Court records show that on Feb. 13, 1998, OCBC declared a bank holiday for its failure to pay its obligations to depositors, creditors and the BSP.

On March 17, 1998, OCBC filed a petition for rehabilitation with the Monetary Board and subsequently, the bank was placed under receivership of the Philippine Deposit Insurance Corp. (PDIC).

PDIC then took over all the assets, properties, obligations and operations of OCBC.

 Respondent Jose Go, the principal and biggest stockholder of OCBC, with his affiliate companies, challenged PDIC’s actions before the Manila RTC but was later dismissed, prompting them to elevate the case to the CA.

The BSP then filed with the Manila RTC Branch 12 on Dec. 17, 1999 a complaint for sum of money with preliminary attachment against the respondents seeking to recover the amount of P2.97 billion.
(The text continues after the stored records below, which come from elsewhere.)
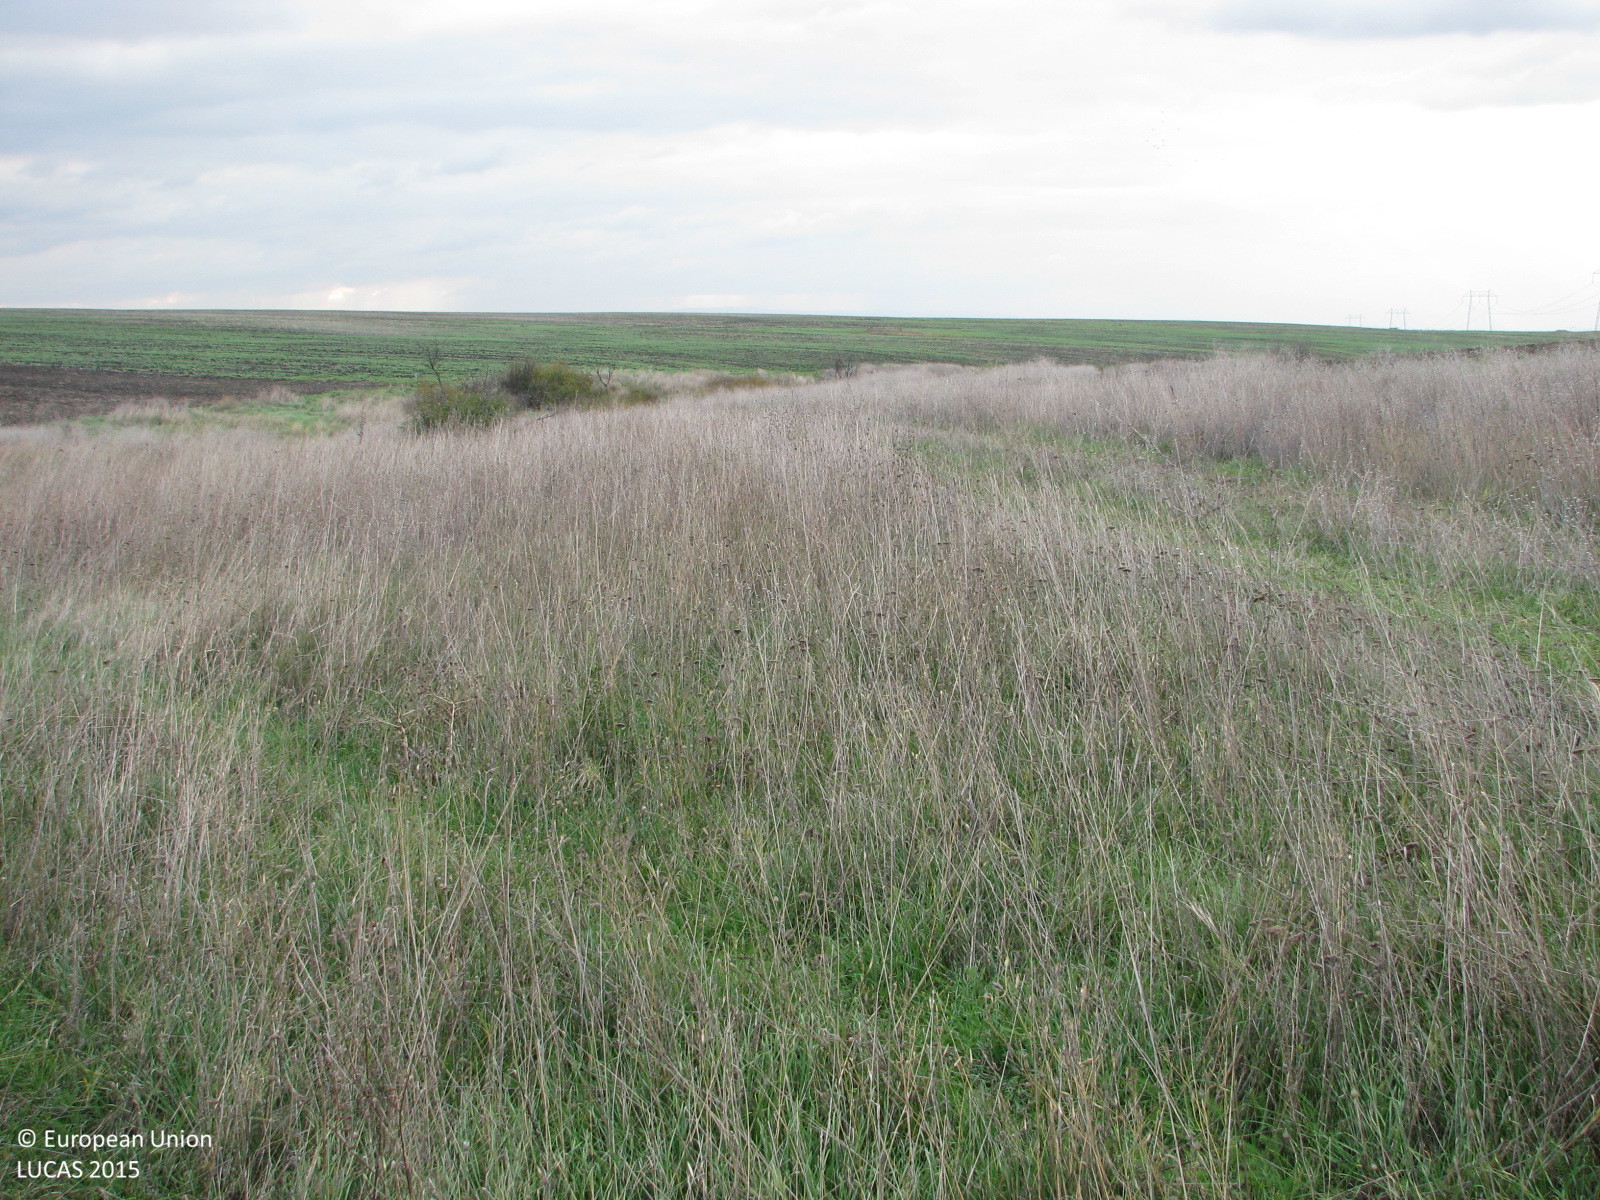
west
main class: Grassland
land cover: Grassland with sparse tree/shrub cover
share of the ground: > 75 %
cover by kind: herbaceous plants 90 %, broadleaved forest trees 5 %, shrubs 5 %
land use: Semi-natural and natural areas not in use
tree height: < 5 m
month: October
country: BG
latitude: 42.2304
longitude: 26.7056

The trial court, on Jan. 14, 2000, granted BSP’s motion for preliminary attachment and a corresponding writ was issued ordering the deputy sheriffs to attack real properties of OCBC and other respondents.

The OCBC then elevated the case to the CA which reversed the ruling of the trial court and dissolved the writ of attachment.

The BSP brought the case before the SC through a petition for certiorari assailing the CA ruling.

While petition was pending, however, the parties came up with a compromise agreement to resolve the dispute, prompting the Court to declare BSP’s petition moot and academic.